** WORK REQUEST **
The lines below may contain the word "clipPath". Please count those that do and give the number alone.
Segment Start: EXTRACTED INFORMATION
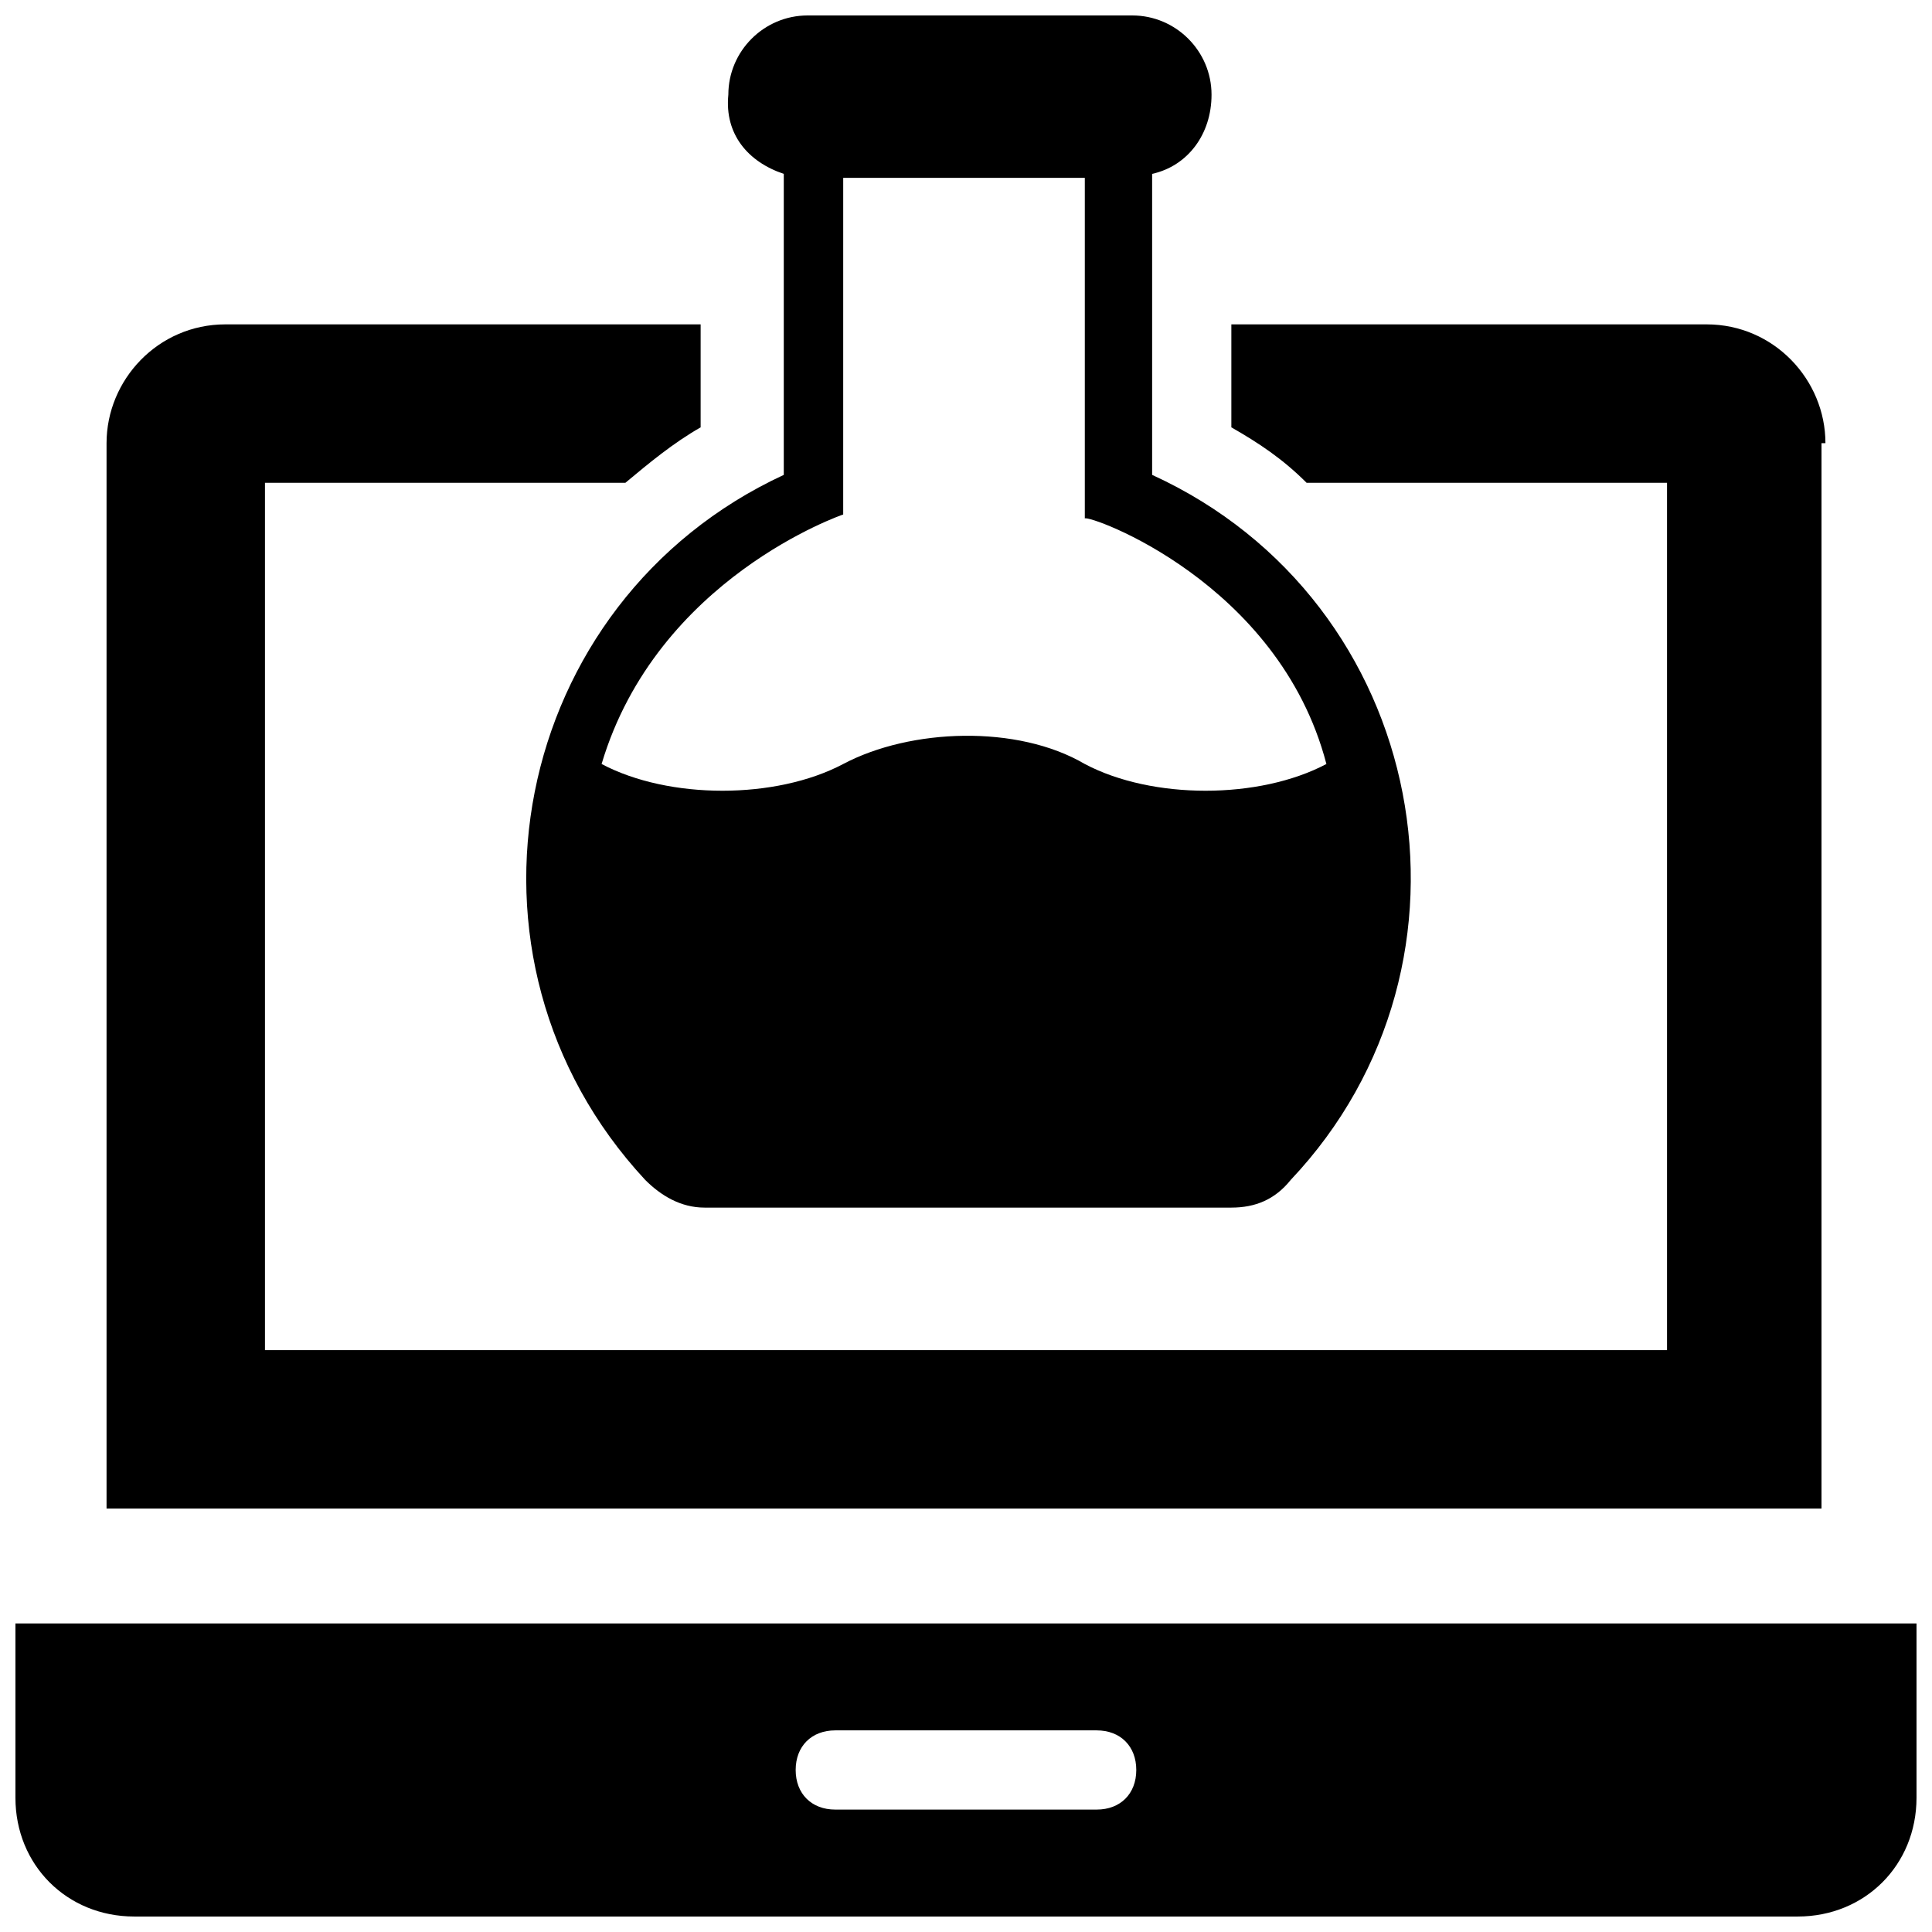 <?xml version="1.0" encoding="UTF-8"?>
<!-- Uploaded to: SVG Repo, www.svgrepo.com, Generator: SVG Repo Mixer Tools -->
<svg width="800px" height="800px" version="1.1" viewBox="144 144 512 512" xmlns="http://www.w3.org/2000/svg">
 <defs>
  <clipPath id="b">
   <path d="m148.09 574h503.81v77.902h-503.81z"/>
  </clipPath>
  <clipPath id="a">
   <path d="m283 148.09h235v316.91h-235z"/>
  </clipPath>
 </defs>
 <g clip-path="url(#b)">
  <path d="m148.09 574.23v46.18c0 17.844 13.645 31.488 31.488 31.488h440.83c17.844 0 31.488-13.645 31.488-31.488v-46.184zm286.54 49.328h-69.273c-6.297 0-10.496-4.199-10.496-10.496s4.199-10.496 10.496-10.496h69.273c6.297 0 10.496 4.199 10.496 10.496 0 6.301-4.199 10.496-10.496 10.496z"/>
 </g>
 <path d="m627.76 261.45c0-16.793-13.645-31.488-31.488-31.488h-125.95v27.289c7.348 4.199 13.645 8.398 19.941 14.695h95.516v229.86h-371.56v-229.86h95.516c6.297-5.246 12.594-10.496 19.941-14.695v-27.289h-125.95c-17.844 0-31.488 14.695-31.488 31.488v282.34h454.48v-282.34z"/>
 <g clip-path="url(#a)">
  <path d="m351.71 190.08v79.77c-72.422 33.586-91.316 128.05-36.734 186.83 4.199 4.199 9.445 7.348 15.742 7.348h139.6c6.297 0 11.547-2.098 15.742-7.348 54.578-57.727 36.734-153.24-36.734-186.83v-79.77c9.445-2.098 15.742-10.496 15.742-20.992 0-11.547-9.445-20.992-20.992-20.992h-86.066c-11.547 0-20.992 9.445-20.992 20.992-1.047 10.496 5.25 17.844 14.695 20.992zm143.8 156.39c-17.844 9.445-46.184 9.445-64.027 0-17.844-10.496-46.184-9.445-64.027 0s-46.184 9.445-64.027 0c14.695-49.332 64.027-66.125 64.027-66.125l0.004-89.215h64.027v90.266c1.047-1.051 51.43 16.793 64.023 65.074z"/>
 </g>
</svg>
Segment End: EXTRACTED INFORMATION
** ANSWER BOX **
4